## EXERCISE AIM
Apart from the images, every record below must be given again without alteration.

## RECORDS FOR THE TASK
%%
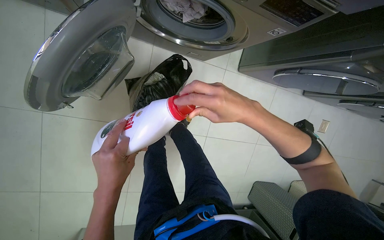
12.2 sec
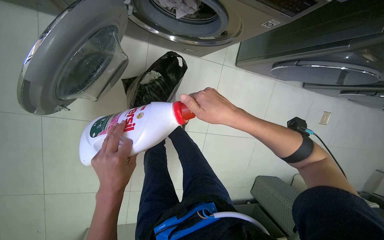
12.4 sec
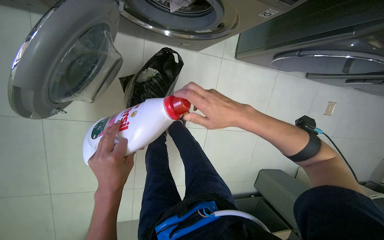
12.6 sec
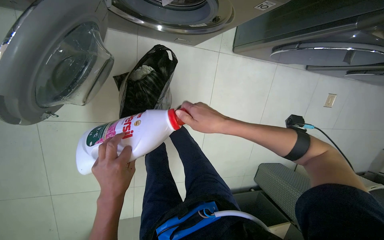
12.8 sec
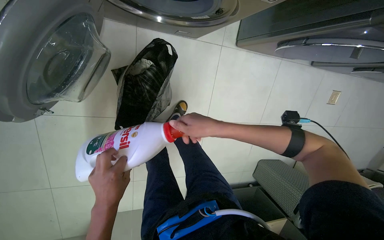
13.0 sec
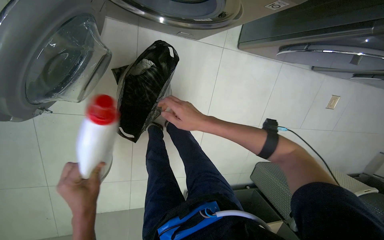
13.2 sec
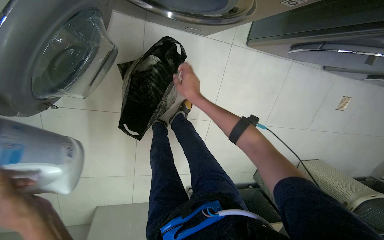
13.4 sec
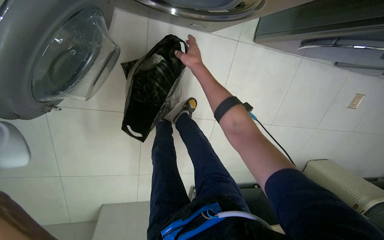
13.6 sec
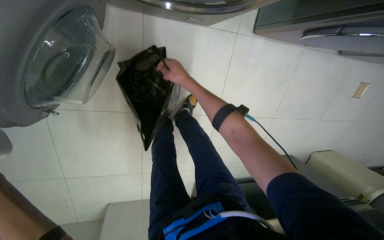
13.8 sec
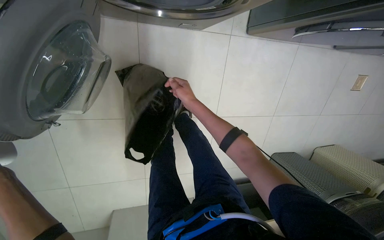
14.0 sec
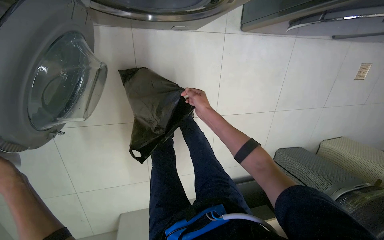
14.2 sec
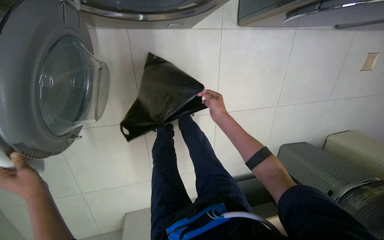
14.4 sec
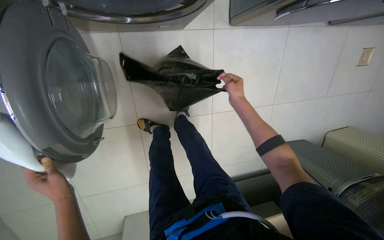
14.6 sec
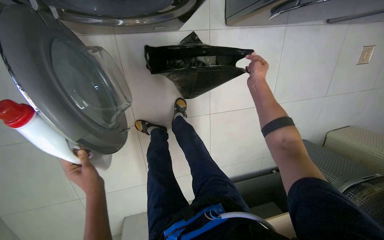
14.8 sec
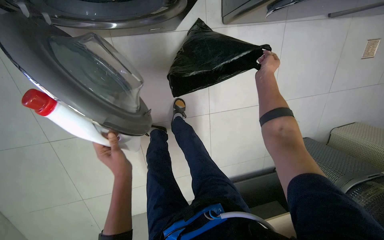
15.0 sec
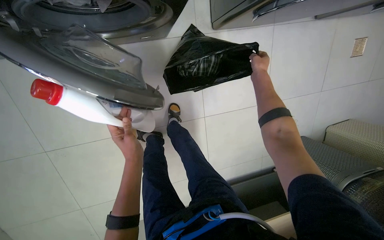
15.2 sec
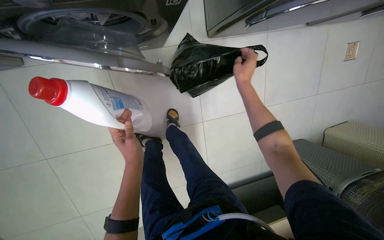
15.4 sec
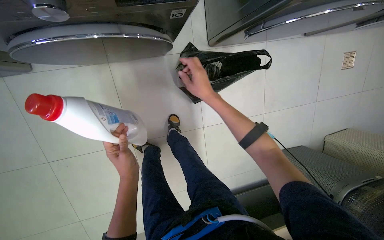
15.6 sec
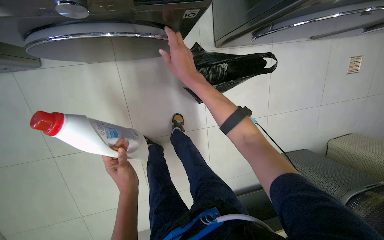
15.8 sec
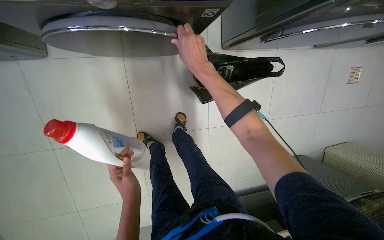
%%
## FINISHED TASK
12.2 sec
12.4 sec
12.6 sec
12.8 sec
13.0 sec
13.2 sec
13.4 sec
13.6 sec
13.8 sec
14.0 sec
14.2 sec
14.4 sec
14.6 sec
14.8 sec
15.0 sec
15.2 sec
15.4 sec
15.6 sec
15.8 sec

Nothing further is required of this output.